Items listed in a dataset:

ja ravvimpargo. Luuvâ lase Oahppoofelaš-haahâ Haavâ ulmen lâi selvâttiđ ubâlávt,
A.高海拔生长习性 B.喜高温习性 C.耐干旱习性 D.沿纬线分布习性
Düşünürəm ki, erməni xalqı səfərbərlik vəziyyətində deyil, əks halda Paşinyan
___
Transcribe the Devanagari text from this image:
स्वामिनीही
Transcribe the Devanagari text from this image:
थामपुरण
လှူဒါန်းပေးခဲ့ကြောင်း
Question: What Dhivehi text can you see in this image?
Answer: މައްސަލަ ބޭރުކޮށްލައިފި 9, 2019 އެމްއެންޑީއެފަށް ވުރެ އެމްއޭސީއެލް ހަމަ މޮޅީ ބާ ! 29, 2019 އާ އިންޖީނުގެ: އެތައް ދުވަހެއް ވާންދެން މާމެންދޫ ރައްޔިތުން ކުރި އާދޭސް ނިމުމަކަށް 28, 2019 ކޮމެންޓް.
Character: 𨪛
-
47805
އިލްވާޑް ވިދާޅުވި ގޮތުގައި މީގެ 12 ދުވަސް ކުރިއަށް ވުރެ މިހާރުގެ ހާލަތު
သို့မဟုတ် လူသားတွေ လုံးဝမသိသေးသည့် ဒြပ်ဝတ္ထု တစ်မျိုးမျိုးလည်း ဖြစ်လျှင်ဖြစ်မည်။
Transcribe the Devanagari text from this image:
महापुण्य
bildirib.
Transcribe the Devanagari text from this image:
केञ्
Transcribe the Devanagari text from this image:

• [Task objective]:
Return precisely the lines of the records, starting with the line that holds "Answer: މައްސަލަ ބޭރުކޮށްލައިފި" and ending with the last one.

• [Result]:
Answer: މައްސަލަ ބޭރުކޮށްލައިފި 9, 2019 އެމްއެންޑީއެފަށް ވުރެ އެމްއޭސީއެލް ހަމަ މޮޅީ ބާ ! 29, 2019 އާ އިންޖީނުގެ: އެތައް ދުވަހެއް ވާންދެން މާމެންދޫ ރައްޔިތުން ކުރި އާދޭސް ނިމުމަކަށް 28, 2019 ކޮމެންޓް.
Character: 𨪛
-
47805
އިލްވާޑް ވިދާޅުވި ގޮތުގައި މީގެ 12 ދުވަސް ކުރިއަށް ވުރެ މިހާރުގެ ހާލަތު
သို့မဟုတ် လူသားတွေ လုံးဝမသိသေးသည့် ဒြပ်ဝတ္ထု တစ်မျိုးမျိုးလည်း ဖြစ်လျှင်ဖြစ်မည်။
Transcribe the Devanagari text from this image:
महापुण्य
bildirib.
Transcribe the Devanagari text from this image:
केञ्
Transcribe the Devanagari text from this image:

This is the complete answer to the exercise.